Venezuelan-born producer Arca and visual artist Jesse Kanda made a stop at L.A.’s famed Hollywood Forever Cemetery on their recent two-date US “tour.” The cemetery’s dark and tiny 150-capacity masonic lodge served as an ideal venue for Arca’s ominous and disorienting compositions, especially when wed with Kanda’s menagerie of visual grotesqueries. It was a visceral, sexually charged audio-visual spectacle that fed off the intimacy of the venue; while you wouldn’t necessarily want to look away, it sometimes felt like you couldn’t anyway.
As a “live” performer (he also books DJ sets), Arca is a refreshing change from similar artists who seem tethered to their laptop table. He rarely spent more than a song locked in one place, opting instead for playing live keyboards, rolling around on the stage, and at one point, jumping into the crowd for an uncharacteristically aggro vocal performance. In fact, I was surprised at the extent to which Arca’s live vocals peppered his entire set. He clearly demonstrated another aspect of his talent and lent a humanness to the music that is hard to discern when listening to the records themselves.
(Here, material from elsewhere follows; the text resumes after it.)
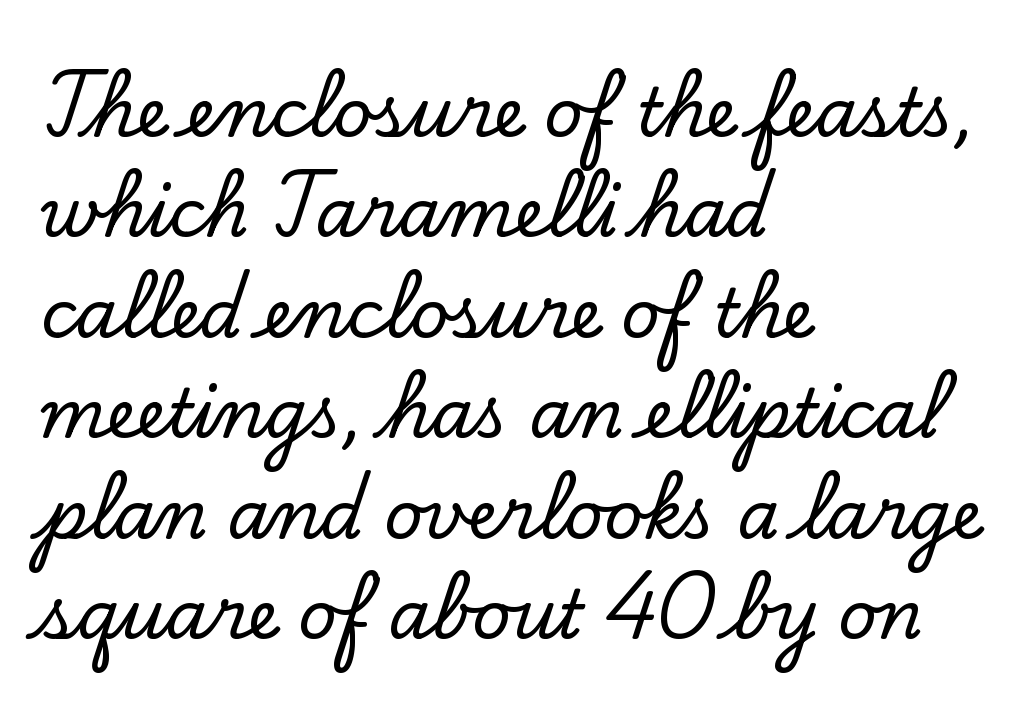
{"serif": "yes", "width": "normal", "stroke_contrast": "low", "x_height": "small", "monospaced": "no", "underline": "no", "align": "left", "line_spacing": "normal", "line_spacing_ratio": 1.5, "letter_spacing": "normal", "letter_spacing_em": 0.0, "glyph_px": 67}

At this point, it’s hard to think of Arca without also picturing the visual work of long-time collaborator Jesse Kanda. The cover art, the videos, the promotional imagery — it all fits so well. Live, you see two artists who are fully in sync, from Arca’s fluid mimicry of the recently released “Sad Bitch” video or Kanda’s precise editing of fireworks to the percussion stabs of “Now You Know.” They are clearly different types of performers; Kanda prefers to remain behind the screen working by candlelight (he had to be forced out to even take a bow), and Arca is almost entirely on display. But these are two artists working to completely rewire their respective art forms, and to watch them do it together was thrilling.